-- Opening Marker --

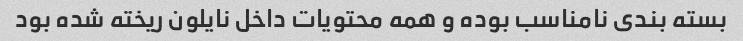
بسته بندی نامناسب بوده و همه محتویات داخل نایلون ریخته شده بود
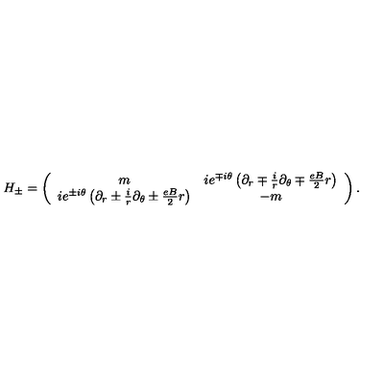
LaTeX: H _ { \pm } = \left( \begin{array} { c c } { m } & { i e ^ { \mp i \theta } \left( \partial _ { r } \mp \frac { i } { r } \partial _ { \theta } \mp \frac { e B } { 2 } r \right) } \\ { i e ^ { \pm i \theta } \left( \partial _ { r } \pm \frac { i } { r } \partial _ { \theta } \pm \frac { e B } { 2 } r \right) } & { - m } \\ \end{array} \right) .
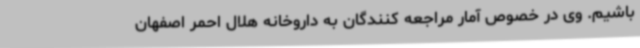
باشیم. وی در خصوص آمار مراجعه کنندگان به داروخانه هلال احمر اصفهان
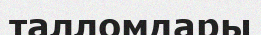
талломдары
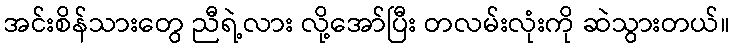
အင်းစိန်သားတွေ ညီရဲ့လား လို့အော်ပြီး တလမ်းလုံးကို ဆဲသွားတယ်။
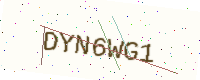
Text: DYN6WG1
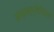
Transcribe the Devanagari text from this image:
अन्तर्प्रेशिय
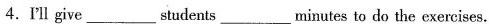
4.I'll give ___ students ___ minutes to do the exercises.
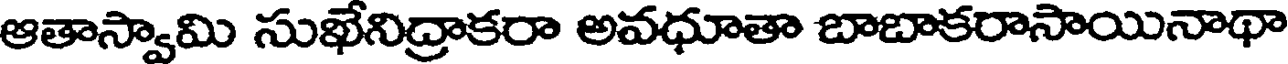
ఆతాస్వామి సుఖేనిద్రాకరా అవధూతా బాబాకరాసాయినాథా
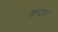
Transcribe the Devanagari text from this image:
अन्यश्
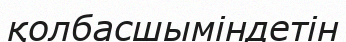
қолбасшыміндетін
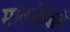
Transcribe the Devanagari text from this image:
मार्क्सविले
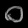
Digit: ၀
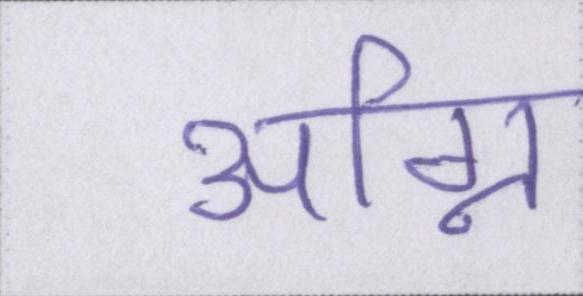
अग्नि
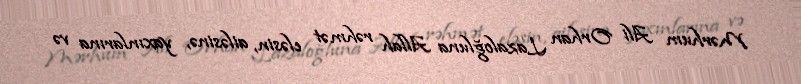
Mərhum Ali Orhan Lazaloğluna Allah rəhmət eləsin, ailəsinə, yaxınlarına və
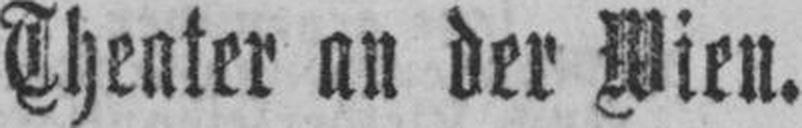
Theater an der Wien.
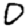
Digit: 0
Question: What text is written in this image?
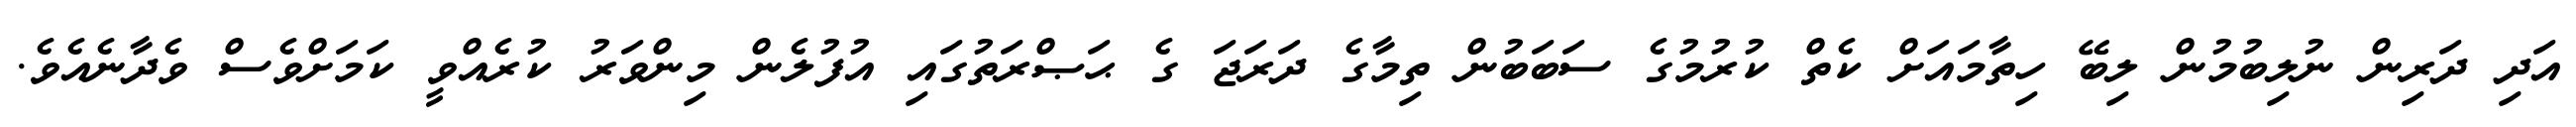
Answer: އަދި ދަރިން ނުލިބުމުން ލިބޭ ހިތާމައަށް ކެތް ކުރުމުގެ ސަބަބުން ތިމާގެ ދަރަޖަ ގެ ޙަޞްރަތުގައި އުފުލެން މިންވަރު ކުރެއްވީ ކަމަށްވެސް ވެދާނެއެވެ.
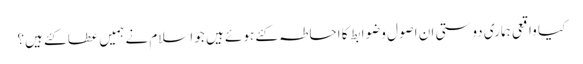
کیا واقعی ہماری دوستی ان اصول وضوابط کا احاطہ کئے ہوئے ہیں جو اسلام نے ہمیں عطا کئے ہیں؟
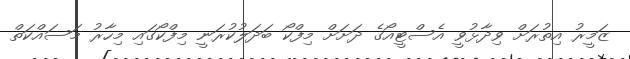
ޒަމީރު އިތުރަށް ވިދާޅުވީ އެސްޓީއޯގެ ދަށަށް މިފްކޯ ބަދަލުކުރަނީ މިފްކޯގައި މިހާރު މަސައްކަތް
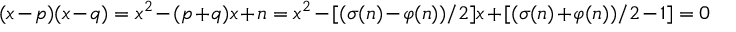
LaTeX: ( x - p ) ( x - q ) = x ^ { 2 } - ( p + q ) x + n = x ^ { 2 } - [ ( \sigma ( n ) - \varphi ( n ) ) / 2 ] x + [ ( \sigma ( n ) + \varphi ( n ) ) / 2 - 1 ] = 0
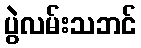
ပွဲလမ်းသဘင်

-- Closing Marker --
-- Opening Marker --

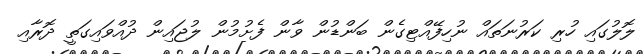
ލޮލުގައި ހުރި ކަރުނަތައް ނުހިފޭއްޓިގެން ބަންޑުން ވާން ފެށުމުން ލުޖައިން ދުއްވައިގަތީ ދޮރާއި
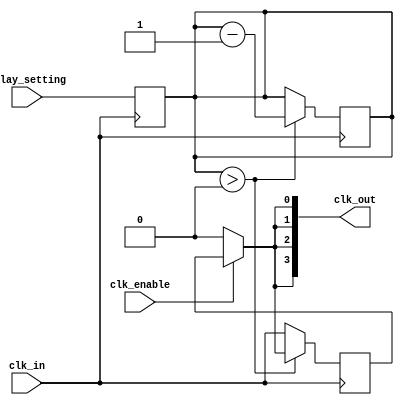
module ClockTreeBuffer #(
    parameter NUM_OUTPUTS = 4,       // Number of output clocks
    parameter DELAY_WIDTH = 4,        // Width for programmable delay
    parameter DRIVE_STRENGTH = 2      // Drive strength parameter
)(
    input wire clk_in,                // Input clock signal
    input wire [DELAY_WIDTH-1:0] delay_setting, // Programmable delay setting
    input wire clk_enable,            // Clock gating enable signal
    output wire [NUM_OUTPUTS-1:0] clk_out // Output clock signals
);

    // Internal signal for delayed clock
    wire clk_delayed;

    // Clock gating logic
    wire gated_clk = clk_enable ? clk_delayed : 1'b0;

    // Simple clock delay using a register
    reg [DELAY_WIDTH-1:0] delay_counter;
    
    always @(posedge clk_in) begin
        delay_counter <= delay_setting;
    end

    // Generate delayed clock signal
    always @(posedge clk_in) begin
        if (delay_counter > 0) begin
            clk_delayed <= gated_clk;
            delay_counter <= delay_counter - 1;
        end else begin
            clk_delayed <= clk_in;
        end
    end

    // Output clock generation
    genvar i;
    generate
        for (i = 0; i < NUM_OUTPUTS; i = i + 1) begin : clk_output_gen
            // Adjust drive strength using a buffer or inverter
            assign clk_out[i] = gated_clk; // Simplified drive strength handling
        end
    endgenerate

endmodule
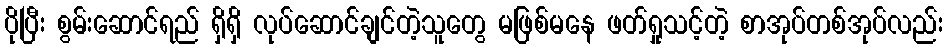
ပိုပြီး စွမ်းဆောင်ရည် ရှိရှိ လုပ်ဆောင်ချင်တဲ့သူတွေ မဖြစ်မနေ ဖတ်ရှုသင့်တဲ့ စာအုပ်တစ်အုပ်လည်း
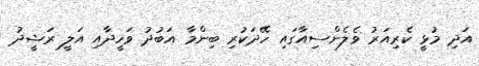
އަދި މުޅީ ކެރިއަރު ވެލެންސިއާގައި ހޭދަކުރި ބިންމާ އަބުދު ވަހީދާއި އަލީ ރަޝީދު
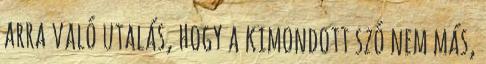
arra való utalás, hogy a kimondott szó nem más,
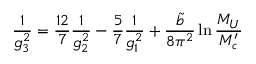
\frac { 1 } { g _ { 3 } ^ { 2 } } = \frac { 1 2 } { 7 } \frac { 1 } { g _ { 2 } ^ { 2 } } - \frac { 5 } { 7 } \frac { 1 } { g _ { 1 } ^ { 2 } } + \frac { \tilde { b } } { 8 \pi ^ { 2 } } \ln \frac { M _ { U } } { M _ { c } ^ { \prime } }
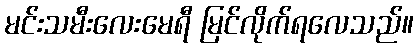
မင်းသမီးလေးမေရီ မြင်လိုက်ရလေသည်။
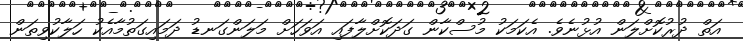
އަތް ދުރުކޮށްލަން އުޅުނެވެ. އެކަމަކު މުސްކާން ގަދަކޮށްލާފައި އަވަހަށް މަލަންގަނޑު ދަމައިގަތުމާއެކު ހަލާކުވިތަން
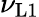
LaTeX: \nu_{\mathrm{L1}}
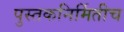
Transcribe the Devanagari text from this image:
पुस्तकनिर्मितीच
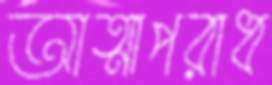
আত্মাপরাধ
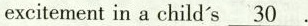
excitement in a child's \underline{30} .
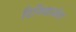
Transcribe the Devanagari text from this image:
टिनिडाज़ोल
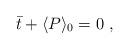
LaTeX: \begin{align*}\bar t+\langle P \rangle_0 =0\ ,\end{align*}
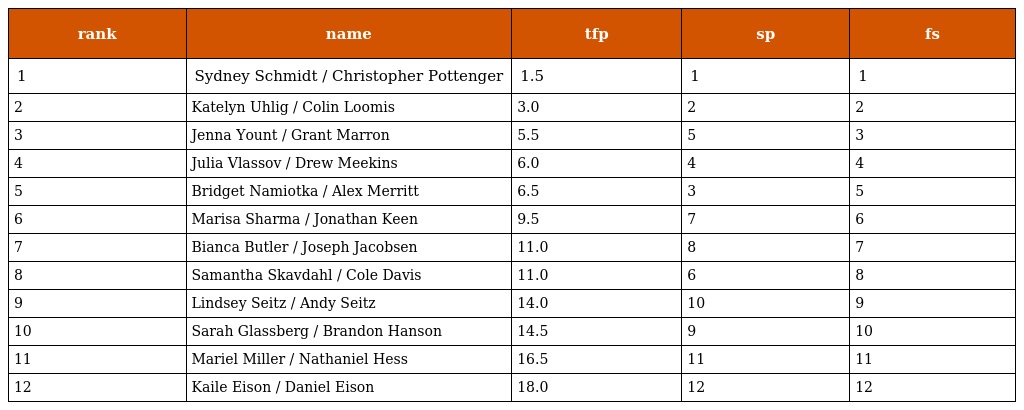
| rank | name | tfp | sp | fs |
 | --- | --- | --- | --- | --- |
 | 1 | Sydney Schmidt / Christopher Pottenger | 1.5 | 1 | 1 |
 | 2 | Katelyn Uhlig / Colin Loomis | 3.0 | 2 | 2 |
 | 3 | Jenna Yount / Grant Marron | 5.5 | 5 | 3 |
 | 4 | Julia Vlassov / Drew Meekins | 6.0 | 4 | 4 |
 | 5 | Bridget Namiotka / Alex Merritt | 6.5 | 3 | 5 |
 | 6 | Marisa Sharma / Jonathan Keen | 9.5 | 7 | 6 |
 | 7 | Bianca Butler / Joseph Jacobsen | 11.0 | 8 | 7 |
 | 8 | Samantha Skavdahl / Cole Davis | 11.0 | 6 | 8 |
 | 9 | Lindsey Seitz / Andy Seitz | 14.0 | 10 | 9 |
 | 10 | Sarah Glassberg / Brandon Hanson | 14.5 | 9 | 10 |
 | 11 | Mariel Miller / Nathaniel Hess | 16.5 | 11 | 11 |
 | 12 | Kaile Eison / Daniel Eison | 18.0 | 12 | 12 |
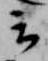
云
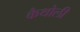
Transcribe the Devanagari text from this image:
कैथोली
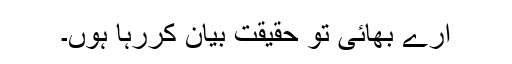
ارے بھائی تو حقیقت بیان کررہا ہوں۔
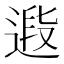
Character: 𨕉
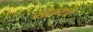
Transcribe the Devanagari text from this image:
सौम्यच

-- Closing Marker --

### WHAT YOU SHOULD DO
All lines in the data that contain the word "using" should be copied.

### THE ANSWER
    // Simple clock delay using a register
            // Adjust drive strength using a buffer or inverter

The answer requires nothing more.